Découvrir la page dédiée au projet R2D2

 

Couvert d’interculture radis chinois pour piéger les altises d’hiver

Couvert d’interculture contenant 20 pieds/m² de radis chinois pour piéger les altises d’hiver

​​​​​​​Dix agriculteurs engagés dans une reconception de leurs systèmes en profondeur

Les agriculteurs du projet sont habitués à travailler ensemble et font également partie d’un groupement d’achat.
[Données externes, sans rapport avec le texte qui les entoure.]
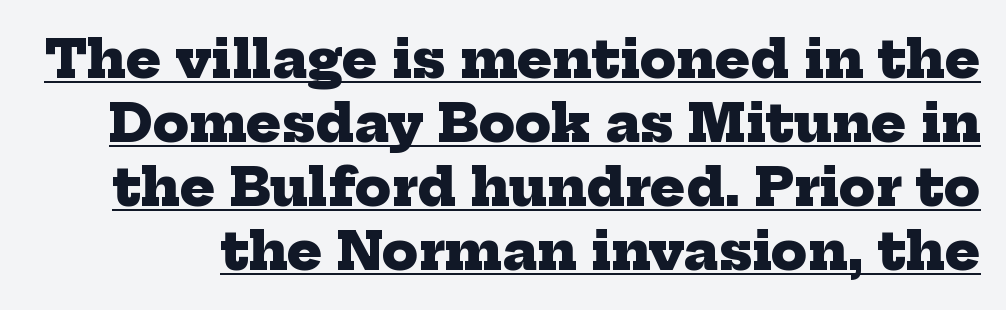
The passage shown is typeset with a serif family. The gaps between neighbouring characters are ordinary and unremarkable. A baseline rule has been typeset under these characters. Heavy-handed strokes throughout: this text is bold. The rendering uses natural spacing where letterforms have individual widths.

Avant l’arrivée du projet, certains recherchent et expérimentent déjà sur leur ferme des solutions pour réduire l’utilisation d’insecticides : ils diversifient leurs assolements, mettent en place des leviers alternatifs et dans certaines situations prennent le risque de ne pas traiter.

Dans le secteur de Courson-Les-Carrières où le projet se met en place, on est loin de la succession classique Colza/Blé/Orge puisque le territoire compte en moyenne une douzaine d’espèces dont le tournesol, le pois, la luzerne et même le chanvre pour lequel un débouché local existe.
Ce goût pour l’exploration de nouvelles pistes et l’envie de réinventer leur métier d’agriculteur a conduit les exploitants à intégrer le projet R2D2 et à donner un coup d’accélérateur à leur démarche naissante.

Au cœur du projet, la problématique de gestion des ravageurs d’automne du colza devenus résistants aux insecticides : ils occasionnent des dégâts importants et fragilisent la structure des exploitations pour lesquelles le colza est un des piliers.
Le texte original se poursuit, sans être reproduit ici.